Джейк побагровел и перекосился от ярости.
– Этот старый… – И, за нехваткой подходящих слов, указал большим пальцем назад, на Раса, который гордо восседал на башне искалеченной машины, явно не испытывая никаких угрызений совести и радостно улыбаясь Гарету. – Ему, видишь ли, мало было расстрелять тысячу пулеметных лент, нет, старому козлу понадобилось еще выгнать Грегориуса с водительского места и устроить нам такое зрелище, которое очень недурно смотрелось бы где-нибудь в Индианополисе!
– Бог ты мой! – простонал Гарет.
– Как вы поживаете? – бодро крикнул рас, словно принимал как должное восхищение своими подвигами.
– Почему ты его не остановил? – рявкнул Гарет.
– Остановить его! Господи Иисусе, а ты пробовал остановить взбешенного носорога?! Я Бог знает сколько времени гонялся за ним, пока мне удалось его перехватить!
– Что с машиной?
– Полетела коробка передач, вышло из строя зажигание, а что еще – не знаю, духу не хватило посмотреть.

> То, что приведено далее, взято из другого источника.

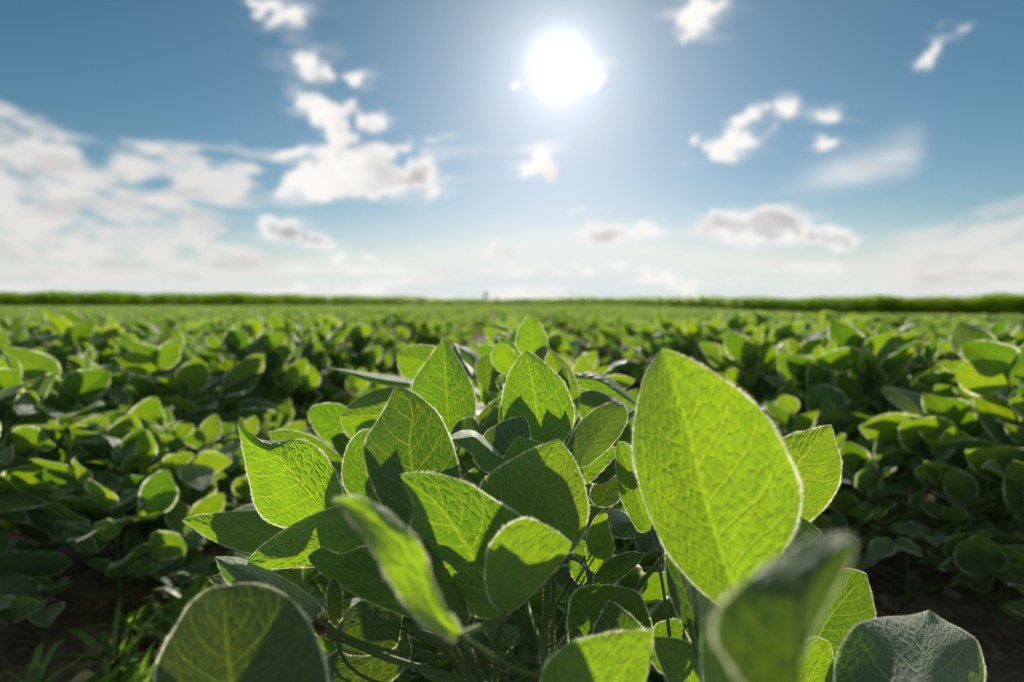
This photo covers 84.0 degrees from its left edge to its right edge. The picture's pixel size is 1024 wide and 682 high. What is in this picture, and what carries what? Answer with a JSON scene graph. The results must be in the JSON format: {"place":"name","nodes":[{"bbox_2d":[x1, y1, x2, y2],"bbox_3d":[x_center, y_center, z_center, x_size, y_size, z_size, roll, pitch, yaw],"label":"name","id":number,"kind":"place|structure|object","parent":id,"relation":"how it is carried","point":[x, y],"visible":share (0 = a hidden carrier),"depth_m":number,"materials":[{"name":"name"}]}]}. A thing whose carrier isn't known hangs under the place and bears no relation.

Джейк устало вылез из машины и поднял защитные очки. Красная пыль забилась в его густые волосы, осела на щетине, но под очками кожа осталась чистой, и это придавало ему вид невинного ребенка с широко открытыми глазами. Он принялся стряхивать пыль с рубашки и брюк, продолжая поносить счастливо улыбавшегося раса.
– Старый болван доволен, как свинья, дорвавшаяся до грязной лужи. Разведка боем! Надо же… Цирк, мать его…
В эту минуту Джейк заметил Вики, и все его бешенство как рукой сняло, на лице появилось выражение откровенного восторга, и она почувствовала, как в ней снова зашевелилось чувство глубокой вины, от которого даже похолодело в животе.